The financial pressures

  1. NRMA submits at [4.36] that the:

    “…alleged ‘financial pressures’ of a mortgage were eliminated on completion of Mr Ratanasirilak’s compensation claim in 2024, as he confirmed he utilised the compensation money to pay off the couple’s mortgage. Consequently, the insurer submits that there is no evidence that the Claimant was incentivised to resume work in the future on account of ‘financial pressure’ at the date of assessment. Furthermore, the fact that the Claimant’s husband’s claim resolved is not of itself evidence that Mr Ratanasirilak’s condition improved and obviated his ongoing care requirements and the Claimant’s continued assistance in providing same.”

  2. I accept what the claimant’s said in her statement about her desire to go back to work and there were a number of reasons for this. One was financial pressure, and as a matter of common sense, to the extent that the mortgage payment was involved, that particular payment would have been removed. However, the claimant had good reasons to try to get back to work, one being, not to lose her professional skills as an Assistant in Nursing, and another to relieve the financial pressures which as a matter of common sense, would only have been reduced, not eliminated, by the repayment of the mortgage.

Implausible that at some stage in the period after the accident, the claimant would have returned to work (assuming the accident had not happened)

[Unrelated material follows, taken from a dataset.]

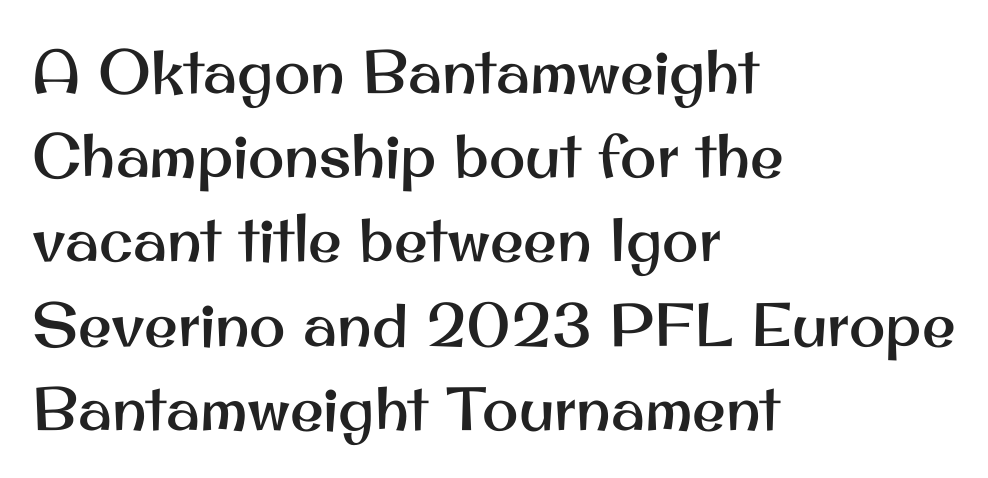
The image shows 61 px sans-serif type, upright; set left-aligned, normal line spacing (1.38x), normal letter spacing, not underlined; medium stroke contrast and a small x-height.

  1. The claimant submitted in this respect that:

    [3] The claimant invites the Member to find that but for the accident, she would have returned to part-time work from 1 November 2020 and continued to work part-time until 1 September 2023, when she would have recommenced full-time work.

    [4] In her statement dated 9 November 2023, the claimant said it was her intention to return to work around November 2020, at [42]. The claimant gave a cogent reason for that, explaining the Christmas period was very busy, at [44]. The claimant had intended to return to work as an Assistant in Nursing, at [46].”

  2. NRMA [4.40] disputes that I can accept on the balance of probabilities that the claimant was likely to re- enter the workforce for a number of reasons:

    (a)   Her extensive premorbid medical history

    (b)   That she had already ceased working as an Assistant of Nursing prior to the date of the accident

    (c)    That she had been engaged in the care of her husband and was in receipt of a carers allowance for there was no financial incentive for the claimant to resume work as she was 63 years of age and unlikely to re- enter the workforce after a four-to-five-year break, so close to the retirement age.

  3. The claimant’s counsel says in respect of these matters:

    “The insurer suggests that the Member could not be persuaded by the Claimant’s submissions that she would have would resumed part time work from 1 November 2020 and continued to work until 1 September 2023 and then recommenced full time work.7 It is logical to find that on the balance of probabilities that the Claimant was unlikely to cease caring for her husband who had not recovered and underwent surgery in late 2023 with the outcome of his compensation claim in early 2024. The Insurer submits that the Member is not obliged to accept the evidence of the Claimant or her husband but must assess the likelihood of the Claimant working with reference to all factors which include the Claimant’s husband’s ongoing care needs without reference to the Claimant’s daughters who up until that time had not provided the Claimant or her husband with any care. The insurer rejects that any allowance for past wage loss is appropriate in the circumstances.”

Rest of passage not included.